• WHAT YOU SHOULD DO:
Where an image occurs, skip it and print the rest of the records verbatim.

SOURCE RECORDS Start Marker

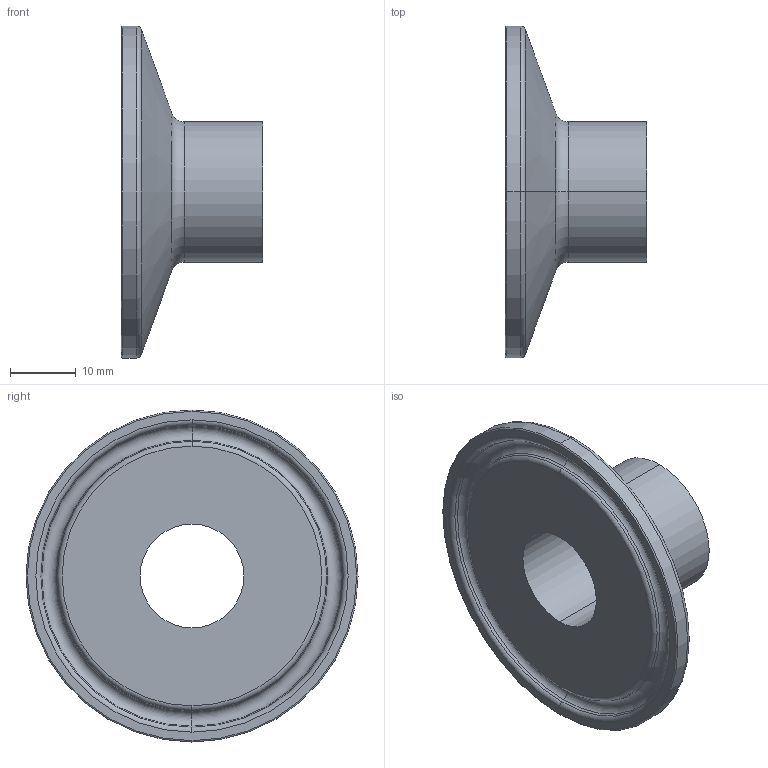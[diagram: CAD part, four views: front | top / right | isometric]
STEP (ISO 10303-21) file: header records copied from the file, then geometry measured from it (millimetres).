
FILE_DESCRIPTION (( 'STEP AP214' ), '1' );
FILE_NAME ('FR.BS40.0050.STEP', '2019-07-23T11:05:05', ( '' ), ( '' ), 'SwSTEP 2.0', 'SolidWorks 2019', '' );
FILE_SCHEMA (( 'AUTOMOTIVE_DESIGN' ));
Length unit declared in the file: millimetre
Products named in the file (1): FR.BS40.0050
Bounding box: 21.5 x 50.5 x 50.5 mm (x, y, z)
Volume: 11473.6 mm3; surface area: 6279.2 mm2
Topology: 1 solids, 1 shells, 27 faces, 54 edges, 30 vertices
Faces by surface type: torus 12, cone 6, cylinder 6, plane 3
Entity records: 744 total; most frequent: DIRECTION 152, CARTESIAN_POINT 112, ORIENTED_EDGE 108, AXIS2_PLACEMENT_3D 70, EDGE_CURVE 54, CIRCLE 42, EDGE_LOOP 30, VERTEX_POINT 30
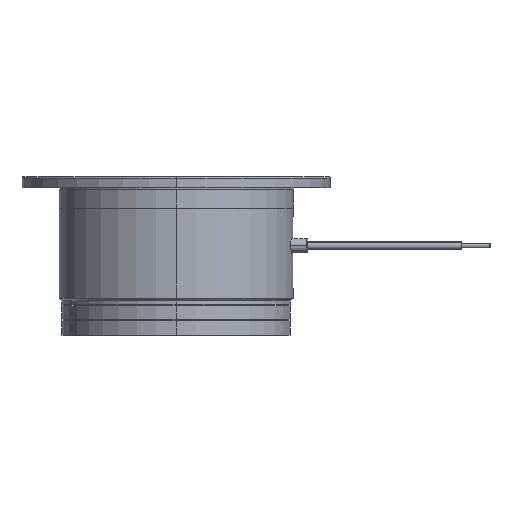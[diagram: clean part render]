
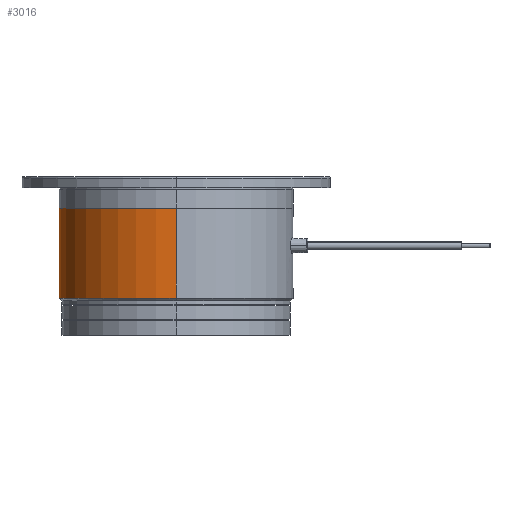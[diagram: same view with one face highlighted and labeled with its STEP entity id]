
A CAD part, left-side view. The second image highlights one B-rep face of the part: STEP entity #3016.
In plain terms, the highlighted cylindrical face has radius 20.5 mm (diameter 41 mm), a partial arc.
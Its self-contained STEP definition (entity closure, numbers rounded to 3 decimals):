
#348 = VERTEX_POINT ( 'NONE', #4285 ) ;
#364 = CYLINDRICAL_SURFACE ( 'NONE', #2328, 20.5 ) ;
#925 = EDGE_CURVE ( 'NONE', #348, #6750, #9957, .T. ) ;
#1029 = VECTOR ( 'NONE', #1445, 1000. ) ;
#1153 = FACE_OUTER_BOUND ( 'NONE', #6995, .T. ) ;
#1383 = DIRECTION ( 'NONE',  ( 1., 0., 0. ) ) ;
#1397 = ORIENTED_EDGE ( 'NONE', *, *, #925, .T. ) ;
#1445 = DIRECTION ( 'NONE',  ( 0., 0., 1. ) ) ;
#1939 = CARTESIAN_POINT ( 'NONE',  ( 20.5, 0., -5.6 ) ) ;
#2258 = CARTESIAN_POINT ( 'NONE',  ( 20.5, 0., -4.017 ) ) ;
#2328 = AXIS2_PLACEMENT_3D ( 'NONE', #4541, #10261, #7757 ) ;
#2702 = VERTEX_POINT ( 'NONE', #1939 ) ;
#3016 = ADVANCED_FACE ( 'NONE', ( #1153 ), #364, .T. ) ;
#3748 = EDGE_CURVE ( 'NONE', #348, #2702, #7833, .T. ) ;
#4285 = CARTESIAN_POINT ( 'NONE',  ( 20.5, 0., -21.3 ) ) ;
#4439 = VERTEX_POINT ( 'NONE', #7116 ) ;
#4447 = DIRECTION ( 'NONE',  ( 0., 0., 1. ) ) ;
#4541 = CARTESIAN_POINT ( 'NONE',  ( 0., 0., -4.017 ) ) ;
#4753 = DIRECTION ( 'NONE',  ( 1., 0., 0. ) ) ;
#5130 = DIRECTION ( 'NONE',  ( 0., 0., 1. ) ) ;
#5151 = AXIS2_PLACEMENT_3D ( 'NONE', #5651, #10350, #4753 ) ;
#5412 = ORIENTED_EDGE ( 'NONE', *, *, #3748, .F. ) ;
#5425 = CARTESIAN_POINT ( 'NONE',  ( 0., 0., -21.3 ) ) ;
#5506 = VECTOR ( 'NONE', #5130, 1000. ) ;
#5651 = CARTESIAN_POINT ( 'NONE',  ( 0., 0., -5.6 ) ) ;
#6611 = LINE ( 'NONE', #9043, #5506 ) ;
#6750 = VERTEX_POINT ( 'NONE', #7982 ) ;
#6868 = ORIENTED_EDGE ( 'NONE', *, *, #9931, .F. ) ;
#6995 = EDGE_LOOP ( 'NONE', ( #1397, #9883, #6868, #5412 ) ) ;
#7116 = CARTESIAN_POINT ( 'NONE',  ( -20.5, 0., -5.6 ) ) ;
#7757 = DIRECTION ( 'NONE',  ( 1., 0., 0. ) ) ;
#7833 = LINE ( 'NONE', #2258, #1029 ) ;
#7982 = CARTESIAN_POINT ( 'NONE',  ( -20.5, 0., -21.3 ) ) ;
#8288 = AXIS2_PLACEMENT_3D ( 'NONE', #5425, #4447, #1383 ) ;
#8331 = CIRCLE ( 'NONE', #5151, 20.5 ) ;
#9043 = CARTESIAN_POINT ( 'NONE',  ( -20.5, 0., -4.017 ) ) ;
#9883 = ORIENTED_EDGE ( 'NONE', *, *, #9964, .T. ) ;
#9931 = EDGE_CURVE ( 'NONE', #2702, #4439, #8331, .T. ) ;
#9957 = CIRCLE ( 'NONE', #8288, 20.5 ) ;
#9964 = EDGE_CURVE ( 'NONE', #6750, #4439, #6611, .T. ) ;
#10261 = DIRECTION ( 'NONE',  ( 0., 0., 1. ) ) ;
#10350 = DIRECTION ( 'NONE',  ( 0., 0., 1. ) ) ;
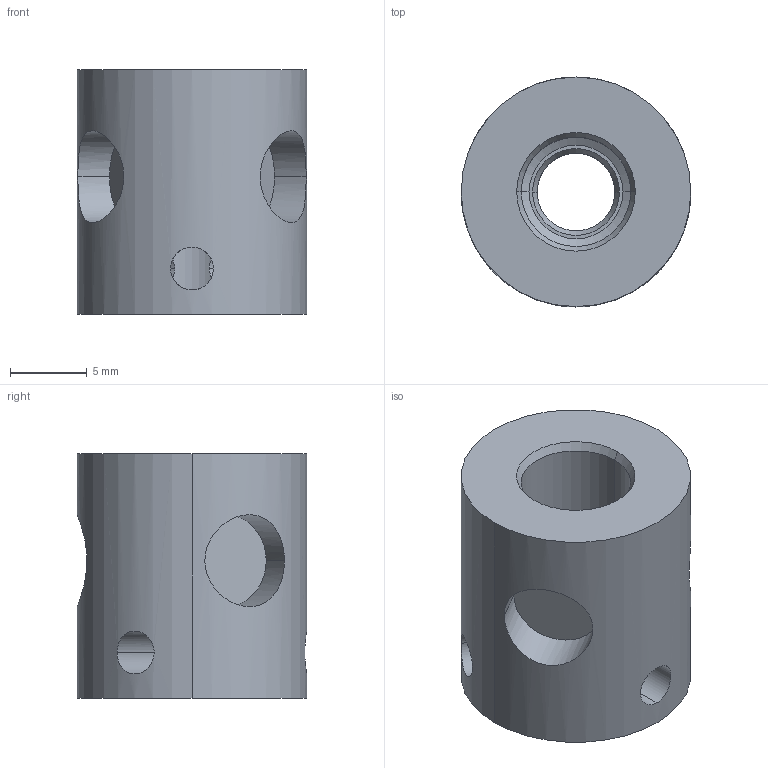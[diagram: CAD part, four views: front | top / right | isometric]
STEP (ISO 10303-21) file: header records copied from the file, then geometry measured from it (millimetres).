
FILE_DESCRIPTION (( 'STEP AP203' ), '1' );
FILE_NAME ('Juki_holder.STEP', '2020-06-08T09:17:12', ( '' ), ( '' ), 'SwSTEP 2.0', 'Freecad', '' );
FILE_SCHEMA (( 'CONFIG_CONTROL_DESIGN' ));
Length unit declared in the file: millimetre
Products named in the file (1): Juki_holder
Bounding box: 15 x 15 x 16 mm (x, y, z)
Volume: 2007.5 mm3; surface area: 1605.1 mm2
Topology: 1 solids, 1 shells, 32 faces, 76 edges, 48 vertices
Faces by surface type: cylinder 18, cone 8, plane 6
Entity records: 1441 total; most frequent: CARTESIAN_POINT 627, ORIENTED_EDGE 152, DIRECTION 146, EDGE_CURVE 76, AXIS2_PLACEMENT_3D 59, VERTEX_POINT 48, EDGE_LOOP 42, ADVANCED_FACE 32

SOURCE RECORDS End Marker

• EXERCISE SOLUTION:
[diagram: CAD part, four views: front | top / right | isometric]
STEP (ISO 10303-21) file: header records copied from the file, then geometry measured from it (millimetres).
FILE_DESCRIPTION (( 'STEP AP214' ), '1' );
FILE_NAME ('FR.BS40.0050.STEP', '2019-07-23T11:05:05', ( '' ), ( '' ), 'SwSTEP 2.0', 'SolidWorks 2019', '' );
FILE_SCHEMA (( 'AUTOMOTIVE_DESIGN' ));
Length unit declared in the file: millimetre
Products named in the file (1): FR.BS40.0050
Bounding box: 21.5 x 50.5 x 50.5 mm (x, y, z)
Volume: 11473.6 mm3; surface area: 6279.2 mm2
Topology: 1 solids, 1 shells, 27 faces, 54 edges, 30 vertices
Faces by surface type: torus 12, cone 6, cylinder 6, plane 3
Entity records: 744 total; most frequent: DIRECTION 152, CARTESIAN_POINT 112, ORIENTED_EDGE 108, AXIS2_PLACEMENT_3D 70, EDGE_CURVE 54, CIRCLE 42, EDGE_LOOP 30, VERTEX_POINT 30
[diagram: clean part render]
[diagram: same view with one face highlighted and labeled with its STEP entity id]
A CAD part, left-side view. The second image highlights one B-rep face of the part: STEP entity #3016.
In plain terms, the highlighted cylindrical face has radius 20.5 mm (diameter 41 mm), a partial arc.
Its self-contained STEP definition (entity closure, numbers rounded to 3 decimals):
#348 = VERTEX_POINT ( 'NONE', #4285 ) ;
#364 = CYLINDRICAL_SURFACE ( 'NONE', #2328, 20.5 ) ;
#925 = EDGE_CURVE ( 'NONE', #348, #6750, #9957, .T. ) ;
#1029 = VECTOR ( 'NONE', #1445, 1000. ) ;
#1153 = FACE_OUTER_BOUND ( 'NONE', #6995, .T. ) ;
#1383 = DIRECTION ( 'NONE',  ( 1., 0., 0. ) ) ;
#1397 = ORIENTED_EDGE ( 'NONE', *, *, #925, .T. ) ;
#1445 = DIRECTION ( 'NONE',  ( 0., 0., 1. ) ) ;
#1939 = CARTESIAN_POINT ( 'NONE',  ( 20.5, 0., -5.6 ) ) ;
#2258 = CARTESIAN_POINT ( 'NONE',  ( 20.5, 0., -4.017 ) ) ;
#2328 = AXIS2_PLACEMENT_3D ( 'NONE', #4541, #10261, #7757 ) ;
#2702 = VERTEX_POINT ( 'NONE', #1939 ) ;
#3016 = ADVANCED_FACE ( 'NONE', ( #1153 ), #364, .T. ) ;
#3748 = EDGE_CURVE ( 'NONE', #348, #2702, #7833, .T. ) ;
#4285 = CARTESIAN_POINT ( 'NONE',  ( 20.5, 0., -21.3 ) ) ;
#4439 = VERTEX_POINT ( 'NONE', #7116 ) ;
#4447 = DIRECTION ( 'NONE',  ( 0., 0., 1. ) ) ;
#4541 = CARTESIAN_POINT ( 'NONE',  ( 0., 0., -4.017 ) ) ;
#4753 = DIRECTION ( 'NONE',  ( 1., 0., 0. ) ) ;
#5130 = DIRECTION ( 'NONE',  ( 0., 0., 1. ) ) ;
#5151 = AXIS2_PLACEMENT_3D ( 'NONE', #5651, #10350, #4753 ) ;
#5412 = ORIENTED_EDGE ( 'NONE', *, *, #3748, .F. ) ;
#5425 = CARTESIAN_POINT ( 'NONE',  ( 0., 0., -21.3 ) ) ;
#5506 = VECTOR ( 'NONE', #5130, 1000. ) ;
#5651 = CARTESIAN_POINT ( 'NONE',  ( 0., 0., -5.6 ) ) ;
#6611 = LINE ( 'NONE', #9043, #5506 ) ;
#6750 = VERTEX_POINT ( 'NONE', #7982 ) ;
#6868 = ORIENTED_EDGE ( 'NONE', *, *, #9931, .F. ) ;
#6995 = EDGE_LOOP ( 'NONE', ( #1397, #9883, #6868, #5412 ) ) ;
#7116 = CARTESIAN_POINT ( 'NONE',  ( -20.5, 0., -5.6 ) ) ;
#7757 = DIRECTION ( 'NONE',  ( 1., 0., 0. ) ) ;
#7833 = LINE ( 'NONE', #2258, #1029 ) ;
#7982 = CARTESIAN_POINT ( 'NONE',  ( -20.5, 0., -21.3 ) ) ;
#8288 = AXIS2_PLACEMENT_3D ( 'NONE', #5425, #4447, #1383 ) ;
#8331 = CIRCLE ( 'NONE', #5151, 20.5 ) ;
#9043 = CARTESIAN_POINT ( 'NONE',  ( -20.5, 0., -4.017 ) ) ;
#9883 = ORIENTED_EDGE ( 'NONE', *, *, #9964, .T. ) ;
#9931 = EDGE_CURVE ( 'NONE', #2702, #4439, #8331, .T. ) ;
#9957 = CIRCLE ( 'NONE', #8288, 20.5 ) ;
#9964 = EDGE_CURVE ( 'NONE', #6750, #4439, #6611, .T. ) ;
#10261 = DIRECTION ( 'NONE',  ( 0., 0., 1. ) ) ;
#10350 = DIRECTION ( 'NONE',  ( 0., 0., 1. ) ) ;
[diagram: CAD part, four views: front | top / right | isometric]
STEP (ISO 10303-21) file: header records copied from the file, then geometry measured from it (millimetres).
FILE_DESCRIPTION (( 'STEP AP203' ), '1' );
FILE_NAME ('Juki_holder.STEP', '2020-06-08T09:17:12', ( '' ), ( '' ), 'SwSTEP 2.0', 'Freecad', '' );
FILE_SCHEMA (( 'CONFIG_CONTROL_DESIGN' ));
Length unit declared in the file: millimetre
Products named in the file (1): Juki_holder
Bounding box: 15 x 15 x 16 mm (x, y, z)
Volume: 2007.5 mm3; surface area: 1605.1 mm2
Topology: 1 solids, 1 shells, 32 faces, 76 edges, 48 vertices
Faces by surface type: cylinder 18, cone 8, plane 6
Entity records: 1441 total; most frequent: CARTESIAN_POINT 627, ORIENTED_EDGE 152, DIRECTION 146, EDGE_CURVE 76, AXIS2_PLACEMENT_3D 59, VERTEX_POINT 48, EDGE_LOOP 42, ADVANCED_FACE 32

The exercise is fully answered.